▸ **WHAT IS EXPECTED**:
The expected answer is the set of lines in the data below between the line holding "#3170=EDGE_CURVE('',#3885,#3883,#3886,.T.);" and the line holding "#4882=CARTESIAN_POINT('',(5.049,560.0,15.));", inclusive, written out exactly.

________________________

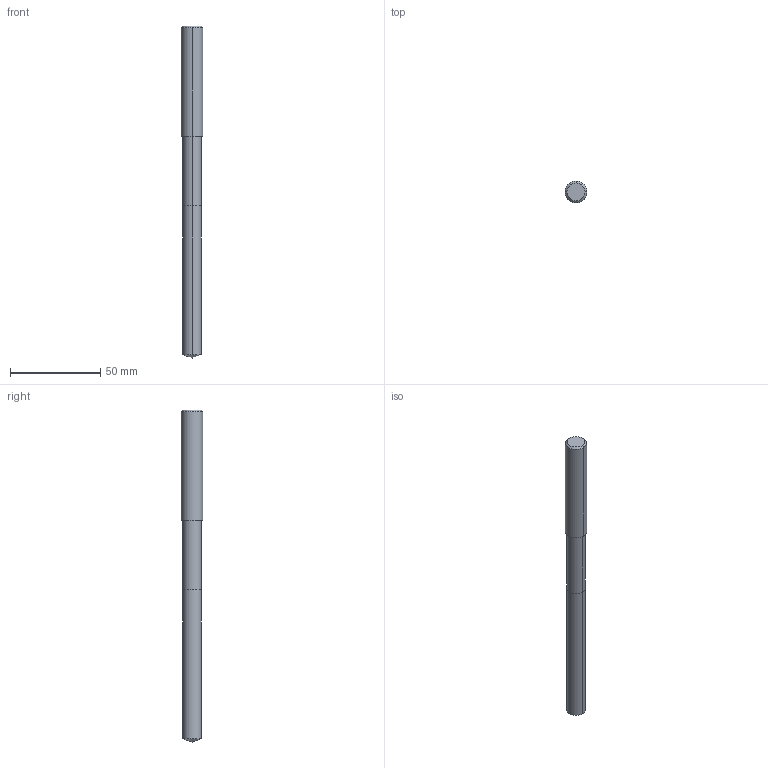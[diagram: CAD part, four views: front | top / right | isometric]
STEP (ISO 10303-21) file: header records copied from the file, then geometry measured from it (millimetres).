
FILE_DESCRIPTION(/* description */ (''),/* implementation_level */ '2;1');
FILE_NAME(/* name */ 'MVS1030X08S120.stp',/* time_stamp */ '2023-03-08T09:04:19+09:00',/* author */ (''),/* organization */ (''),/* preprocessor_version */ 'ST-DEVELOPER v16',/* originating_system */ 'SIEMENS PLM Software NX 10.0',/* authorisation */ '');
FILE_SCHEMA (('AUTOMOTIVE_DESIGN { 1 0 10303 214 3 1 1 1 }'));
Length unit declared in the file: millimetre
Products named in the file (1): MVS1030X08S120_ASM
Bounding box: 12 x 12 x 183.87 mm (x, y, z)
Volume: 17015.3 mm3; surface area: 6589.8 mm2
Topology: 2 solids, 2 shells, 14 faces, 30 edges, 24 vertices
Faces by surface type: cylinder 6, plane 4, cone 4
Entity records: 498 total; most frequent: DIRECTION 92, CARTESIAN_POINT 69, ORIENTED_EDGE 48, AXIS2_PLACEMENT_3D 39, EDGE_CURVE 24, STYLED_ITEM 17, PRESENTATION_STYLE_ASSIGNMENT 17, EDGE_LOOP 15
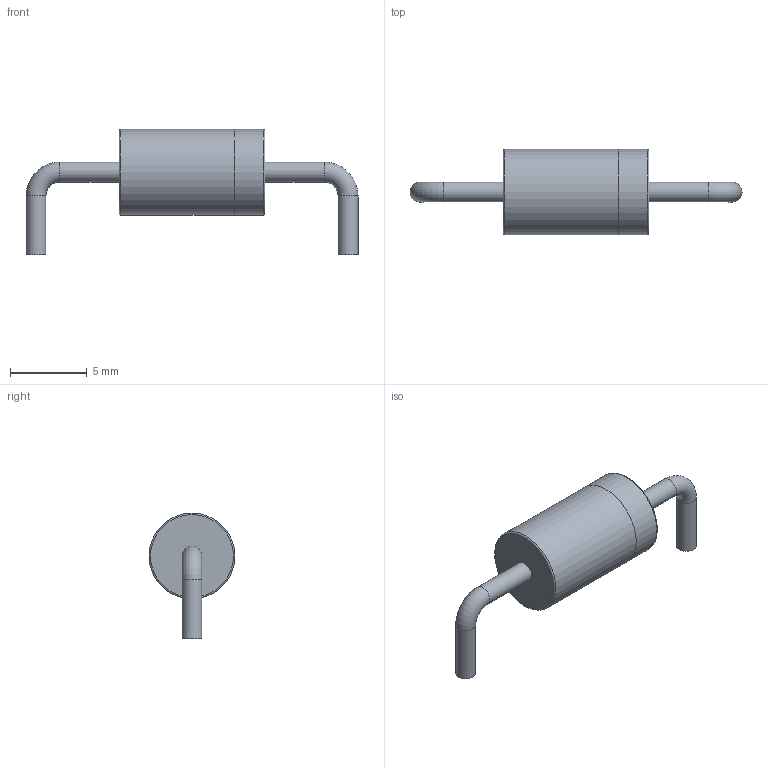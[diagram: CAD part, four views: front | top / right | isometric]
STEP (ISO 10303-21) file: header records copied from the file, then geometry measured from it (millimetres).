
FILE_DESCRIPTION(/* description */ (''),/* implementation_level */ '2;1');
FILE_NAME(/* name */ 'Diode Large v1.step',/* time_stamp */ '2019-04-11T00:46:09+01:00',/* author */ ('adamshortuk'),/* organization */ (''),/* preprocessor_version */ 'ST-DEVELOPER v18',/* originating_system */ 'Autodesk Translation Framework v8.2.0.1029',/* authorisation */ '');
FILE_SCHEMA (('AUTOMOTIVE_DESIGN { 1 0 10303 214 3 1 1 }'));
Length unit declared in the file: millimetre
Products named in the file (1): Diode Large
Bounding box: 21.62 x 5.6 x 8.2 mm (x, y, z)
Volume: 260.8 mm3; surface area: 303 mm2
Topology: 3 solids, 3 shells, 16 faces, 36 edges, 26 vertices
Faces by surface type: cylinder 6, plane 6, torus 4
Full cylindrical faces by diameter (mm): 1.3 x4, 5.6 x2
Entity records: 541 total; most frequent: DIRECTION 100, CARTESIAN_POINT 79, ORIENTED_EDGE 72, AXIS2_PLACEMENT_3D 47, EDGE_CURVE 36, CIRCLE 30, VERTEX_POINT 26, FACE_OUTER_BOUND 16
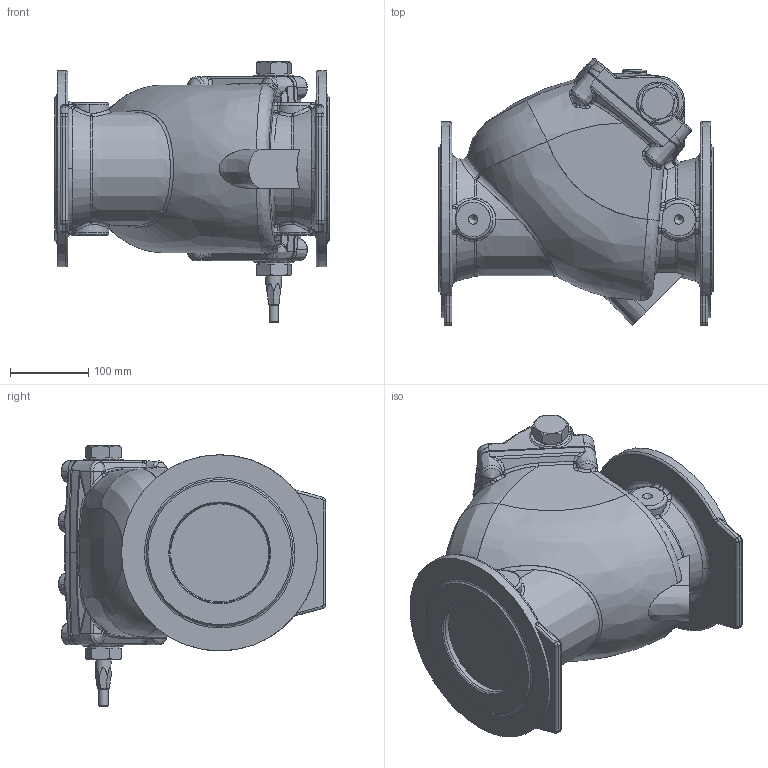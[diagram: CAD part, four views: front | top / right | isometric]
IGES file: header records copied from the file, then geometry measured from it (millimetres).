
Start section: SolidWorks IGES file using analytic representation for surfaces
Global section: file name: O_41_60_DN1251.IGS; native system: SolidWorks 2012; preprocessor: SolidWorks 2012; author: rozh; date: 140905.153228; units: millimetre
Bounding box: 350 x 340.49 x 332 mm (x, y, z)
Surface area: 507124.6 mm2 (no closed solid volume)
Topology: 0 solids, 0 shells, 662 faces, 3370 edges, 3310 vertices
Faces by surface type: bspline 479, revolution 183
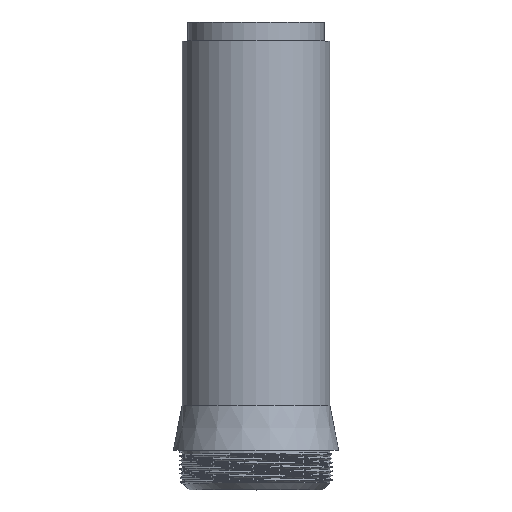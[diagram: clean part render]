
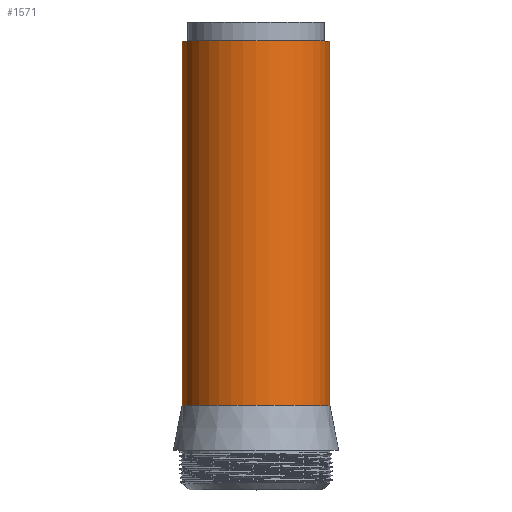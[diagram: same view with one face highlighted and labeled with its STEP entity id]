
A CAD part, top view. The second image highlights one B-rep face of the part: STEP entity #1571.
In plain terms, the highlighted cylindrical face has radius 21.45 mm (diameter 42.9 mm), a partial arc.
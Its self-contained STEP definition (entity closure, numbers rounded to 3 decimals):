
#1 = ORIENTED_EDGE ( 'NONE', *, *, #403, .F. ) ;
#58 = CYLINDRICAL_SURFACE ( 'NONE', #2173, 21.45 ) ;
#67 = CARTESIAN_POINT ( 'NONE',  ( 21.45, 120.895, 0. ) ) ;
#157 = VECTOR ( 'NONE', #1829, 1000. ) ;
#174 = EDGE_CURVE ( 'NONE', #283, #2053, #762, .T. ) ;
#203 = DIRECTION ( 'NONE',  ( 1., 0., 0. ) ) ;
#225 = FACE_OUTER_BOUND ( 'NONE', #1522, .T. ) ;
#235 = CIRCLE ( 'NONE', #2226, 21.45 ) ;
#251 = DIRECTION ( 'NONE',  ( 1., 0., 0. ) ) ;
#283 = VERTEX_POINT ( 'NONE', #993 ) ;
#343 = DIRECTION ( 'NONE',  ( 1., 0., 0. ) ) ;
#403 = EDGE_CURVE ( 'NONE', #764, #2053, #235, .T. ) ;
#447 = VERTEX_POINT ( 'NONE', #67 ) ;
#479 = CARTESIAN_POINT ( 'NONE',  ( -21.45, 14.966, 0. ) ) ;
#759 = DIRECTION ( 'NONE',  ( 0., -1., 0. ) ) ;
#762 = LINE ( 'NONE', #1119, #157 ) ;
#764 = VERTEX_POINT ( 'NONE', #1252 ) ;
#790 = ORIENTED_EDGE ( 'NONE', *, *, #2279, .T. ) ;
#902 = VECTOR ( 'NONE', #1144, 1000. ) ;
#930 = CARTESIAN_POINT ( 'NONE',  ( 21.45, -527.221, 0. ) ) ;
#993 = CARTESIAN_POINT ( 'NONE',  ( -21.45, 120.895, 0. ) ) ;
#1106 = DIRECTION ( 'NONE',  ( 0., -1., 0. ) ) ;
#1119 = CARTESIAN_POINT ( 'NONE',  ( -21.45, -527.221, 0. ) ) ;
#1144 = DIRECTION ( 'NONE',  ( 0., -1., 0. ) ) ;
#1209 = ORIENTED_EDGE ( 'NONE', *, *, #174, .T. ) ;
#1252 = CARTESIAN_POINT ( 'NONE',  ( 21.45, 14.966, 0. ) ) ;
#1278 = CARTESIAN_POINT ( 'NONE',  ( 0., 14.966, 0. ) ) ;
#1407 = DIRECTION ( 'NONE',  ( 0., -1., 0. ) ) ;
#1522 = EDGE_LOOP ( 'NONE', ( #790, #1209, #1, #1578 ) ) ;
#1534 = EDGE_CURVE ( 'NONE', #447, #764, #1996, .T. ) ;
#1571 = ADVANCED_FACE ( 'NONE', ( #225 ), #58, .T. ) ;
#1578 = ORIENTED_EDGE ( 'NONE', *, *, #1534, .F. ) ;
#1588 = CARTESIAN_POINT ( 'NONE',  ( 0., 120.895, 0. ) ) ;
#1605 = AXIS2_PLACEMENT_3D ( 'NONE', #1588, #1407, #343 ) ;
#1829 = DIRECTION ( 'NONE',  ( 0., -1., 0. ) ) ;
#1844 = CARTESIAN_POINT ( 'NONE',  ( 0., -527.221, 0. ) ) ;
#1996 = LINE ( 'NONE', #930, #902 ) ;
#2053 = VERTEX_POINT ( 'NONE', #479 ) ;
#2062 = CIRCLE ( 'NONE', #1605, 21.45 ) ;
#2173 = AXIS2_PLACEMENT_3D ( 'NONE', #1844, #1106, #203 ) ;
#2226 = AXIS2_PLACEMENT_3D ( 'NONE', #1278, #759, #251 ) ;
#2279 = EDGE_CURVE ( 'NONE', #447, #283, #2062, .T. ) ;
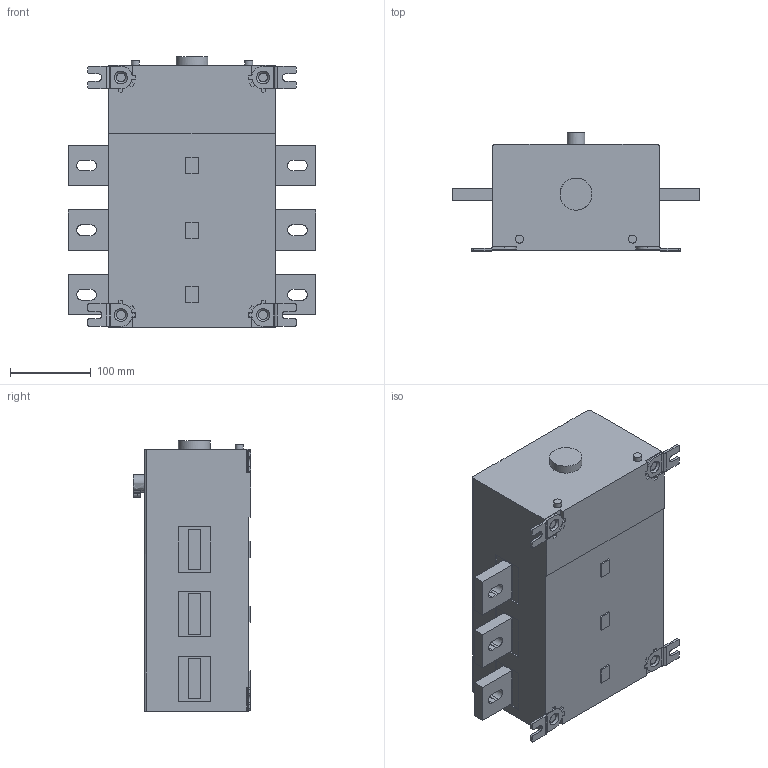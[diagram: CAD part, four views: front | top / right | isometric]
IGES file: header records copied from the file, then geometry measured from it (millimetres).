
Global section: file name: OT1250E30.igs; preprocessor: I-DEAS 3D IGES Translator 11; date: 20070219.100705; units: millimetre
Bounding box: 306 x 145.9 x 334.5 mm (x, y, z)
Volume: 8870054.8 mm3; surface area: 329237 mm2
Topology: 1 solids, 1 shells, 378 faces, 1051 edges, 702 vertices
Faces by surface type: bspline 378
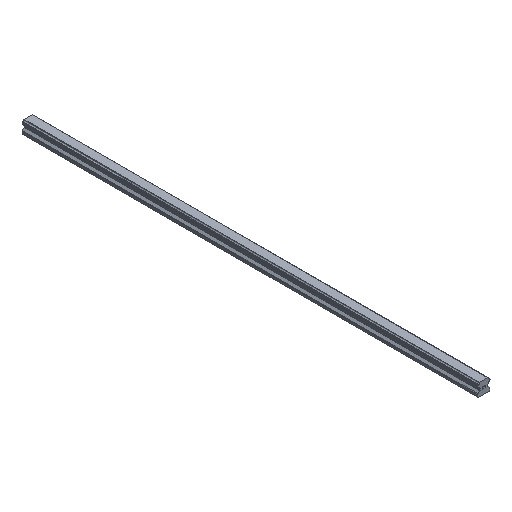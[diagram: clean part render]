
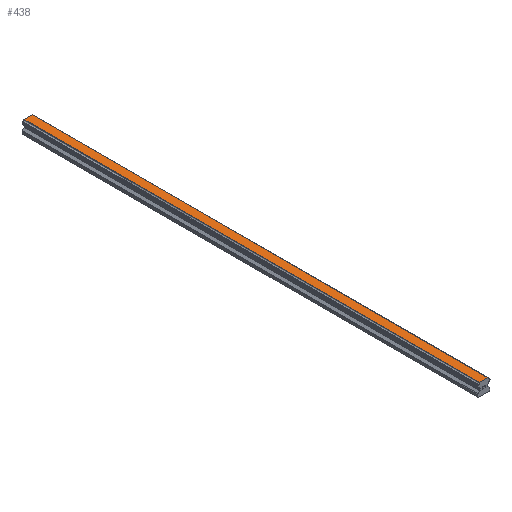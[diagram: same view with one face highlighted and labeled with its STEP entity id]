
A CAD part, isometric view. The second image highlights one B-rep face of the part: STEP entity #438.
In plain terms, the highlighted planar face has unit normal (0, 0, 1).
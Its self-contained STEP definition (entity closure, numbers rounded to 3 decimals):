
#438=ADVANCED_FACE('',(#899),#900,.T.);
#899=FACE_OUTER_BOUND('',#1386,.T.);
#900=PLANE('',#1387);
#1386=EDGE_LOOP('',(#2682,#2683,#2684,#2685));
#1387=AXIS2_PLACEMENT_3D('',#2686,#2687,#2688);
#2682=ORIENTED_EDGE('',*,*,#3308,.T.);
#2683=ORIENTED_EDGE('',*,*,#3422,.F.);
#2684=ORIENTED_EDGE('',*,*,#3170,.T.);
#2685=ORIENTED_EDGE('',*,*,#3420,.T.);
#2686=CARTESIAN_POINT('',(0.,560.0,15.));
#2687=DIRECTION('',(0.0,0.0,1.0));
#2688=DIRECTION('',(-1.0,0.0,0.0));
#3170=EDGE_CURVE('',#3885,#3883,#3886,.T.);
#3308=EDGE_CURVE('',#4116,#4114,#4117,.T.);
#3420=EDGE_CURVE('',#3883,#4116,#4251,.T.);
#3422=EDGE_CURVE('',#3885,#4114,#4253,.T.);
#3883=VERTEX_POINT('',#4879);
#3885=VERTEX_POINT('',#4882);
#3886=LINE('',#4883,#4884);
#4114=VERTEX_POINT('',#5198);
#4116=VERTEX_POINT('',#5201);
#4117=LINE('',#5202,#5203);
#4251=LINE('',#5371,#5372);
#4253=LINE('',#5374,#5375);
#4879=CARTESIAN_POINT('',(-5.049,560.0,15.));
#4882=CARTESIAN_POINT('',(5.049,560.0,15.));
#4883=CARTESIAN_POINT('',(5.049,560.0,15.));
#4884=VECTOR('',#5715,1.0);
#5198=CARTESIAN_POINT('',(5.049,0.0,15.));
#5201=CARTESIAN_POINT('',(-5.049,0.0,15.));
#5202=CARTESIAN_POINT('',(5.049,0.0,15.));
#5203=VECTOR('',#5881,1.0);
#5371=CARTESIAN_POINT('',(-5.049,560.0,15.));
#5372=VECTOR('',#6015,1.0);
#5374=CARTESIAN_POINT('',(5.049,560.0,15.));
#5375=VECTOR('',#6016,1.0);
#5715=DIRECTION('',(-1.0,0.0,0.0));
#5881=DIRECTION('',(1.0,0.0,0.0));
#6015=DIRECTION('',(0.0,-1.0,0.0));
#6016=DIRECTION('',(0.0,-1.0,0.0));
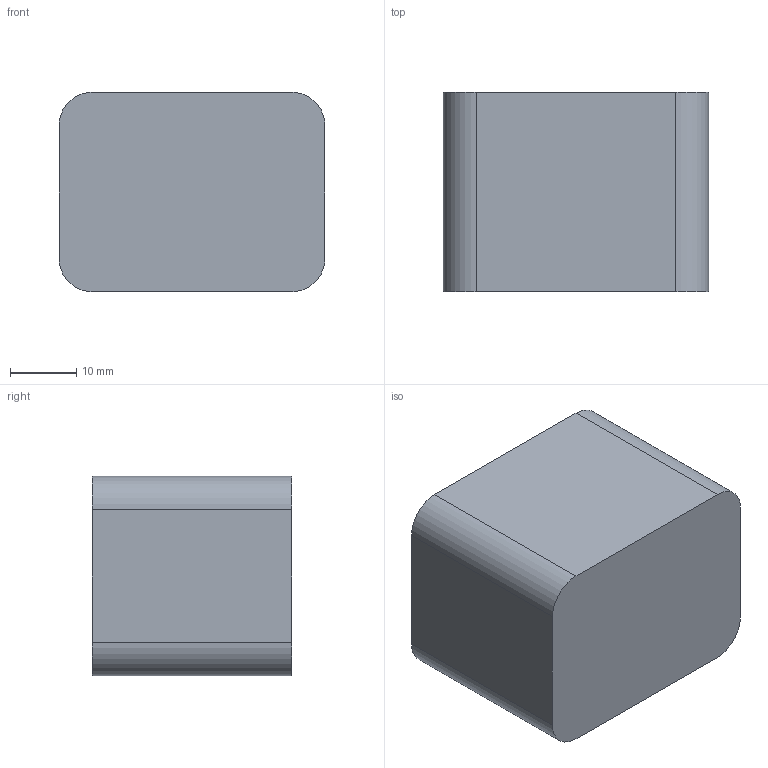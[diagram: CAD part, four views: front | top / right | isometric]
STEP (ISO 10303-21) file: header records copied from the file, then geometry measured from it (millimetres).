
FILE_DESCRIPTION(/* description */ ('Unknown'),/* implementation_level */ '2;1');
FILE_NAME(/* name */ 'H_Wurth_WE-SMGS_3029040030030',/* time_stamp */ '2025-09-09T16:12:19+08:00',/* author */ ('Unknown'),/* organization */ ('Unknown'),/* preprocessor_version */ 'ST-DEVELOPER v19.4',/* originating_system */ 'Solid Edge',/* authorisation */ 'Unknown');
FILE_SCHEMA (('AUTOMOTIVE_DESIGN {1 0 10303 214 3 1 1}'));
Length unit declared in the file: millimetre
Products named in the file (1): H_Wurth_WE-SMGS_3029040030030
Bounding box: 40 x 30 x 30 mm (x, y, z)
Volume: 35356.2 mm3; surface area: 6299.6 mm2
Topology: 1 solids, 1 shells, 10 faces, 24 edges, 16 vertices
Faces by surface type: plane 6, cylinder 4
Entity records: 390 total; most frequent: DIRECTION 54, CARTESIAN_POINT 51, ORIENTED_EDGE 48, EDGE_CURVE 24, AXIS2_PLACEMENT_3D 19, LINE 16, VECTOR 16, VERTEX_POINT 16

________________________

▸ **TASK ANSWER**:
#3170=EDGE_CURVE('',#3885,#3883,#3886,.T.);
#3308=EDGE_CURVE('',#4116,#4114,#4117,.T.);
#3420=EDGE_CURVE('',#3883,#4116,#4251,.T.);
#3422=EDGE_CURVE('',#3885,#4114,#4253,.T.);
#3883=VERTEX_POINT('',#4879);
#3885=VERTEX_POINT('',#4882);
#3886=LINE('',#4883,#4884);
#4114=VERTEX_POINT('',#5198);
#4116=VERTEX_POINT('',#5201);
#4117=LINE('',#5202,#5203);
#4251=LINE('',#5371,#5372);
#4253=LINE('',#5374,#5375);
#4879=CARTESIAN_POINT('',(-5.049,560.0,15.));
#4882=CARTESIAN_POINT('',(5.049,560.0,15.));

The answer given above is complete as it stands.